Storage: If storing a filter unused for more than one week, dry it completely to prevent mold growth inside the pores. A dry filter can be stored indefinitely.
What This Filter Does and Does Not Do
Removes:
- 99.8%+ of bacteria (E. coli, Salmonella, Cholera) with silver treatment
- 99.9%+ of protozoa (Giardia, Cryptosporidium)
- Turbidity and sediment
Does not reliably remove:
- Viruses (pore size too large)
- Heavy metals
- Chemical contaminants
- Dissolved solids, salt
For complete purification: Follow ceramic filtration with chemical treatment (chlorine dioxide or bleach) to address viruses. This two-step process covers all biological threats from most natural water sources.
Pro Tip
If building ceramic filters for community use, the Potters for Peace manual is available as a free download and covers the entire process in detail with drawings and specifications. For individual household use, a commercial ceramic filter element (Doulton, Berkey, or similar) achieves the same result with tested, certified performance for $30-80. Build your own if you want community-scale production or if supply chains are unavailable.
Sources
Frequently Asked Questions
How effective is a ceramic filter at removing bacteria?
A properly constructed and tested ceramic pot filter removes 99.8-99.9% of bacteria (E. coli, Salmonella) and 99.9%+ of protozoa (Giardia, Cryptosporidium). When treated with colloidal silver after firing, bacterial removal efficiency increases to 99.99%+. Ceramic filters do NOT reliably remove viruses — the pore size (0.5-1 micron) is larger than most viruses. For virus removal, follow ceramic filtration with chemical treatment.
What clay is suitable for making a ceramic filter?
Locally sourced terracotta-style clay (red iron-bearing clay) is the standard. It must be free from organic material. The fired clay creates the structure; the burnout material (rice husks, sawdust, coffee grounds) creates the pore structure. Do not use commercial air-dry clay — it cannot withstand water pressure and will crack. Fired ceramic at 900-1000°C is required.

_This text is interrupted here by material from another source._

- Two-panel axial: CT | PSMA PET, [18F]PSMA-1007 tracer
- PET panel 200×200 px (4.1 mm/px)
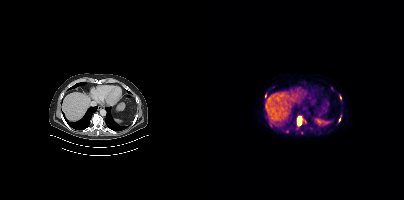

How long does a ceramic filter last?
A properly constructed and maintained ceramic pot filter lasts 2-5 years with proper cleaning. The most common failure modes are cracking (from dropping or thermal shock) and clogging (from not cleaning regularly). Clean the filter by scrubbing the outside surface with a soft brush under running water — do not use soap. A flow rate that drops significantly indicates clogging; cleaning restores it.
Can I make a ceramic filter without a kiln?
Not reliably. Firing at 900-1000°C is required to create the sintered ceramic structure that provides filtration. An open fire (pit firing) can reach these temperatures in the right conditions, but temperature control is difficult. Improperly fired ceramics crack or have uneven pore structure. For a filter you will rely on, use a kiln. Many community colleges and pottery studios offer kiln access.